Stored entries
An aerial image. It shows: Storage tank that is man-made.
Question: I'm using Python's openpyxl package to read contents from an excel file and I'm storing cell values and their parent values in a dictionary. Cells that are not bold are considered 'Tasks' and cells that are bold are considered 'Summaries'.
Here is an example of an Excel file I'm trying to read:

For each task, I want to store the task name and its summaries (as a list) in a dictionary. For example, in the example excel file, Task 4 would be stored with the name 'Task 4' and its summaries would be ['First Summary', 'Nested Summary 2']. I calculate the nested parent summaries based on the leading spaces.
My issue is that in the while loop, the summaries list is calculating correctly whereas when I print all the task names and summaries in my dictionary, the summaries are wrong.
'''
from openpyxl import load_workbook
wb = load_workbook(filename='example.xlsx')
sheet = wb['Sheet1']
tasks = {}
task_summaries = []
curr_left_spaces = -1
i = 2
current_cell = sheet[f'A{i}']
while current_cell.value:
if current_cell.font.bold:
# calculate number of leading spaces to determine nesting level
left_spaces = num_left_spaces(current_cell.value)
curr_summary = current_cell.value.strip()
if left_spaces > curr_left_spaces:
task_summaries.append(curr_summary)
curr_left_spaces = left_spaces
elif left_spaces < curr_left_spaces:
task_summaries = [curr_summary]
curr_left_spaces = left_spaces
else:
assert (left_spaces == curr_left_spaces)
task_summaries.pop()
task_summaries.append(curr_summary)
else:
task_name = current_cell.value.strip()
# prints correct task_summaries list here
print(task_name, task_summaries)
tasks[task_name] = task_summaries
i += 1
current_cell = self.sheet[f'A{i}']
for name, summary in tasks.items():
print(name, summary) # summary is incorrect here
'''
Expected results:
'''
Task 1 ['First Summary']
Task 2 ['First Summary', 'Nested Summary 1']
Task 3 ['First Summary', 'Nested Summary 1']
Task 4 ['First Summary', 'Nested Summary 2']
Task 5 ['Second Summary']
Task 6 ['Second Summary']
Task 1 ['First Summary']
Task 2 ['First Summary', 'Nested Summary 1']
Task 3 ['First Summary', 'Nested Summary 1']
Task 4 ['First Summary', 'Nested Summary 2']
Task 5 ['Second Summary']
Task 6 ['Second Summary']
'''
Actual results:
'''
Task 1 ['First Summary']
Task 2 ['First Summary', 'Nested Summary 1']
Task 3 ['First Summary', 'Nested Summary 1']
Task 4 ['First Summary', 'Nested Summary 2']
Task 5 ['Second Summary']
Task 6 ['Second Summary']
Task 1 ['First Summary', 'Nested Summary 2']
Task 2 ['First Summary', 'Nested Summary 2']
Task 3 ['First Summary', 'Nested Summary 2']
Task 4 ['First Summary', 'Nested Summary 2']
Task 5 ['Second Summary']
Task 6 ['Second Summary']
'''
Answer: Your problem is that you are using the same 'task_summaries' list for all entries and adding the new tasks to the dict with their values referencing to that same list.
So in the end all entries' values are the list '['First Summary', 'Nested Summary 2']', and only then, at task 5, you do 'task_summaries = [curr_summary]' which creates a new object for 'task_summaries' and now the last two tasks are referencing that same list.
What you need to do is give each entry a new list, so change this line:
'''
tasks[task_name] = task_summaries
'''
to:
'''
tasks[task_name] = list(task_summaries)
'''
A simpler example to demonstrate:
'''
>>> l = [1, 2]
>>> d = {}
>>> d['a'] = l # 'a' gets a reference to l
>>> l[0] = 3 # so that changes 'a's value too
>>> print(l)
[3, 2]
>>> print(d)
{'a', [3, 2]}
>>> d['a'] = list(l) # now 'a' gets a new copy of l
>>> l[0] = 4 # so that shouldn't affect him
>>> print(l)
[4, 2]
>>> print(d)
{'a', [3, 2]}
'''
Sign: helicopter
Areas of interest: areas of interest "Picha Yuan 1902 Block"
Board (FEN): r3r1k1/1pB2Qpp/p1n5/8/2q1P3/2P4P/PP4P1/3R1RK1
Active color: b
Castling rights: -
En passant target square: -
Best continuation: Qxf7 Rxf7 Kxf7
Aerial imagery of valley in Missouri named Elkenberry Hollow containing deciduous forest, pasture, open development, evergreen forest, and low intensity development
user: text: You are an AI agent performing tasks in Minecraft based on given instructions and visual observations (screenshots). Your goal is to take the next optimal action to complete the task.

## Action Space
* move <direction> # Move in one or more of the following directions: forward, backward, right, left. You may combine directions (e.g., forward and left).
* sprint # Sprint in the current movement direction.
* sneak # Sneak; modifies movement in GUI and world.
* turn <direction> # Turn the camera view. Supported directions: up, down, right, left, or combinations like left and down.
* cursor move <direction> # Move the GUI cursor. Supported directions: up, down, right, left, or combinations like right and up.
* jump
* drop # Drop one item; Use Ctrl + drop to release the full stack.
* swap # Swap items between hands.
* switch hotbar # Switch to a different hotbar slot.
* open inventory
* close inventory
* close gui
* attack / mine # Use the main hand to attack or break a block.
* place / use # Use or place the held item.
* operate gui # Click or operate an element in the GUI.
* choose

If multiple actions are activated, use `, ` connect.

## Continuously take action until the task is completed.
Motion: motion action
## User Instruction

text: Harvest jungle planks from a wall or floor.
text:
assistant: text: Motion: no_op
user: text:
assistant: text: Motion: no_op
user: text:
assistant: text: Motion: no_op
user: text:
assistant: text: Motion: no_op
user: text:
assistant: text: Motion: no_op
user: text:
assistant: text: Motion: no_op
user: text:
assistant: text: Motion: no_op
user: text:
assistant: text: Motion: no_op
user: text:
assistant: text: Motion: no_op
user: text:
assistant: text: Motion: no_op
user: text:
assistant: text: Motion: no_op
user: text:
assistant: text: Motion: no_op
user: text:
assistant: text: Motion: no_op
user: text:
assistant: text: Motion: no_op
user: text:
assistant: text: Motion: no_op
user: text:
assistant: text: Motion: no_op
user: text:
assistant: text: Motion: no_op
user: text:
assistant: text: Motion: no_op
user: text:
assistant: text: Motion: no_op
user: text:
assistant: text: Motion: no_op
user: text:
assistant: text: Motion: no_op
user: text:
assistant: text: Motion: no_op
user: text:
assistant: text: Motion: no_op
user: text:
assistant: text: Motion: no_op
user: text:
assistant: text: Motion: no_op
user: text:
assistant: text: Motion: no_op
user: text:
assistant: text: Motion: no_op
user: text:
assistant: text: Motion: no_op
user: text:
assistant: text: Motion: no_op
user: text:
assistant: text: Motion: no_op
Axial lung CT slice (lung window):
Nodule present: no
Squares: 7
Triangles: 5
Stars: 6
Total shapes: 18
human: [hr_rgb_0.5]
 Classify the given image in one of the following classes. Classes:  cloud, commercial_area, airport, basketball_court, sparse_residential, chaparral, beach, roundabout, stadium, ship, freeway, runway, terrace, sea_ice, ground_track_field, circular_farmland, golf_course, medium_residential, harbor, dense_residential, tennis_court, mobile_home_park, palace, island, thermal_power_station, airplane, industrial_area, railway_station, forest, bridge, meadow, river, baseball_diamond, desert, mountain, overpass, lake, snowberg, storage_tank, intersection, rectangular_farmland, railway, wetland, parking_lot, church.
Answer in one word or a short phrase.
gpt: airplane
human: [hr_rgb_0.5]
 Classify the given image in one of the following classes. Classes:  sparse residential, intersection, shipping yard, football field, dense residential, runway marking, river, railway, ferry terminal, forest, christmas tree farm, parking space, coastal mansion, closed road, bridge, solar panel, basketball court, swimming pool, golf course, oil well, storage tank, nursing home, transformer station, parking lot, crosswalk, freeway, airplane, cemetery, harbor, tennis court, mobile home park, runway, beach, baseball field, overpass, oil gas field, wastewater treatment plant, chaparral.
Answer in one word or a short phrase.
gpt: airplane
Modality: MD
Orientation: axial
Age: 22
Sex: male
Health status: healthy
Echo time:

> **What the task asks**
Look at each line above and note whether it holds the word "directions". Report how many do, as the number only.

> **Answer section**
3